#### YOUR GOAL:
All entries must come back exactly as given, with no pictures in the copy.

#### LISTED ENTRIES:
━━━
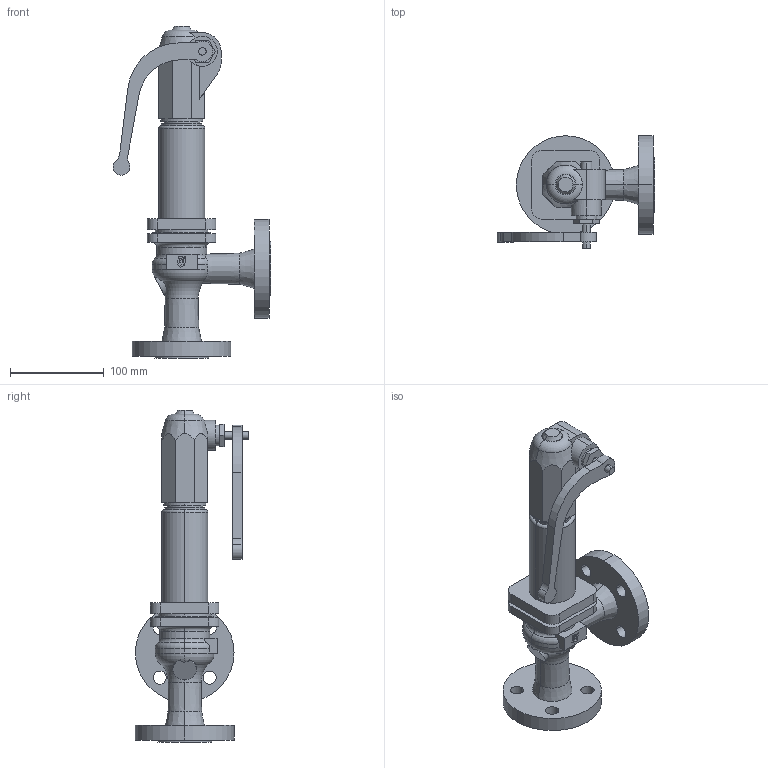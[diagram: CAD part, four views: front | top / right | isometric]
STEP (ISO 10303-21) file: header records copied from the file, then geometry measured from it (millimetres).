
FILE_DESCRIPTION(('HOOPS Exchange Step'),'2;1');
FILE_NAME('SF0100_DN20.stp','2025-12-17T16:44:22+01:00',('nieru'),('Unknown organisation'),'HOOPS Exchange 2024.2','HOOPS Exchange','Unknown authorisation');
FILE_SCHEMA( ('AP203_CONFIGURATION_CONTROLLED_3D_DESIGN_OF_MECHANICAL_PARTS_AND_ASSEMBLIES_MIM_LF') );
Length unit declared in the file: millimetre
Products named in the file (2): 0; root
Assembly tree (1 placements, depth 2):
  root
    0
Bounding box: 168.03 x 120.5 x 353.5 mm (x, y, z)
Volume: 1059650.5 mm3; surface area: 134721.9 mm2
Topology: 1 solids, 1 shells, 192 faces, 486 edges, 319 vertices
Faces by surface type: plane 90, cylinder 72, torus 16, cone 12, bspline 2
Entity records: 8792 total; most frequent: CARTESIAN_POINT 4052, DIRECTION 983, ORIENTED_EDGE 972, EDGE_CURVE 486, AXIS2_PLACEMENT_3D 367, VERTEX_POINT 319, VECTOR 249, LINE 249
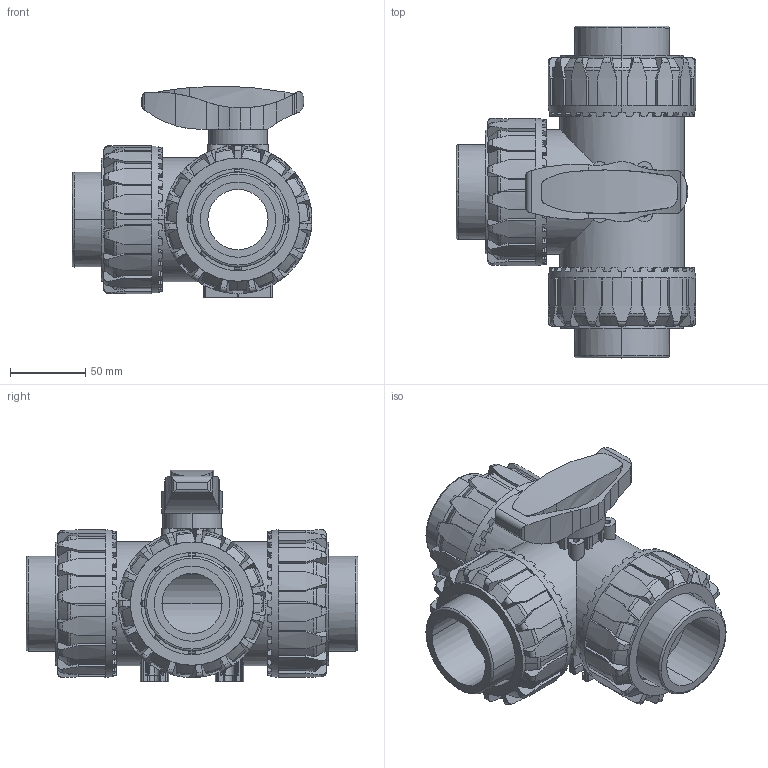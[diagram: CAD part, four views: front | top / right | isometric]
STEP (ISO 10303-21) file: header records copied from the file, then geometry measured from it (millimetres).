
FILE_DESCRIPTION(('STEP AP214'),'1');
FILE_NAME('tkdim050f.stp','2018-03-06T12:57:13',('TraceParts'),('TraceParts S.A.'),'Spatial InterOp 3D',' ',' ');
FILE_SCHEMA(('automotive_design'));
Length unit declared in the file: millimetre
Products named in the file (8): tkdim050f_1; tkdim050f_2; tkdim050f_3; tkdim050f_4; tkdim050f_5; tkdim050f_6; tkdim050f_7; tkdim050f_8
Bounding box: 159.45 x 220.6 x 140.72 mm (x, y, z)
Volume: 1191879.7 mm3; surface area: 254806.2 mm2
Topology: 8 solids, 8 shells, 1460 faces, 4205 edges, 2774 vertices
Faces by surface type: plane 921, cylinder 383, torus 102, cone 54
Entity records: 62492 total; most frequent: CARTESIAN_POINT 11511, DIRECTION 8571, ORIENTED_EDGE 8410, EDGE_CURVE 4205, AXIS2_PLACEMENT_3D 3387, VERTEX_POINT 2774, LINE 1797, VECTOR 1797
━━━
#### ANSWER BOX:
[diagram: CAD part, four views: front | top / right | isometric]
STEP (ISO 10303-21) file: header records copied from the file, then geometry measured from it (millimetres).
FILE_DESCRIPTION(('HOOPS Exchange Step'),'2;1');
FILE_NAME('SF0100_DN20.stp','2025-12-17T16:44:22+01:00',('nieru'),('Unknown organisation'),'HOOPS Exchange 2024.2','HOOPS Exchange','Unknown authorisation');
FILE_SCHEMA( ('AP203_CONFIGURATION_CONTROLLED_3D_DESIGN_OF_MECHANICAL_PARTS_AND_ASSEMBLIES_MIM_LF') );
Length unit declared in the file: millimetre
Products named in the file (2): 0; root
Assembly tree (1 placements, depth 2):
  root
    0
Bounding box: 168.03 x 120.5 x 353.5 mm (x, y, z)
Volume: 1059650.5 mm3; surface area: 134721.9 mm2
Topology: 1 solids, 1 shells, 192 faces, 486 edges, 319 vertices
Faces by surface type: plane 90, cylinder 72, torus 16, cone 12, bspline 2
Entity records: 8792 total; most frequent: CARTESIAN_POINT 4052, DIRECTION 983, ORIENTED_EDGE 972, EDGE_CURVE 486, AXIS2_PLACEMENT_3D 367, VERTEX_POINT 319, VECTOR 249, LINE 249
[diagram: CAD part, four views: front | top / right | isometric]
STEP (ISO 10303-21) file: header records copied from the file, then geometry measured from it (millimetres).
FILE_DESCRIPTION(('STEP AP214'),'1');
FILE_NAME('tkdim050f.stp','2018-03-06T12:57:13',('TraceParts'),('TraceParts S.A.'),'Spatial InterOp 3D',' ',' ');
FILE_SCHEMA(('automotive_design'));
Length unit declared in the file: millimetre
Products named in the file (8): tkdim050f_1; tkdim050f_2; tkdim050f_3; tkdim050f_4; tkdim050f_5; tkdim050f_6; tkdim050f_7; tkdim050f_8
Bounding box: 159.45 x 220.6 x 140.72 mm (x, y, z)
Volume: 1191879.7 mm3; surface area: 254806.2 mm2
Topology: 8 solids, 8 shells, 1460 faces, 4205 edges, 2774 vertices
Faces by surface type: plane 921, cylinder 383, torus 102, cone 54
Entity records: 62492 total; most frequent: CARTESIAN_POINT 11511, DIRECTION 8571, ORIENTED_EDGE 8410, EDGE_CURVE 4205, AXIS2_PLACEMENT_3D 3387, VERTEX_POINT 2774, LINE 1797, VECTOR 1797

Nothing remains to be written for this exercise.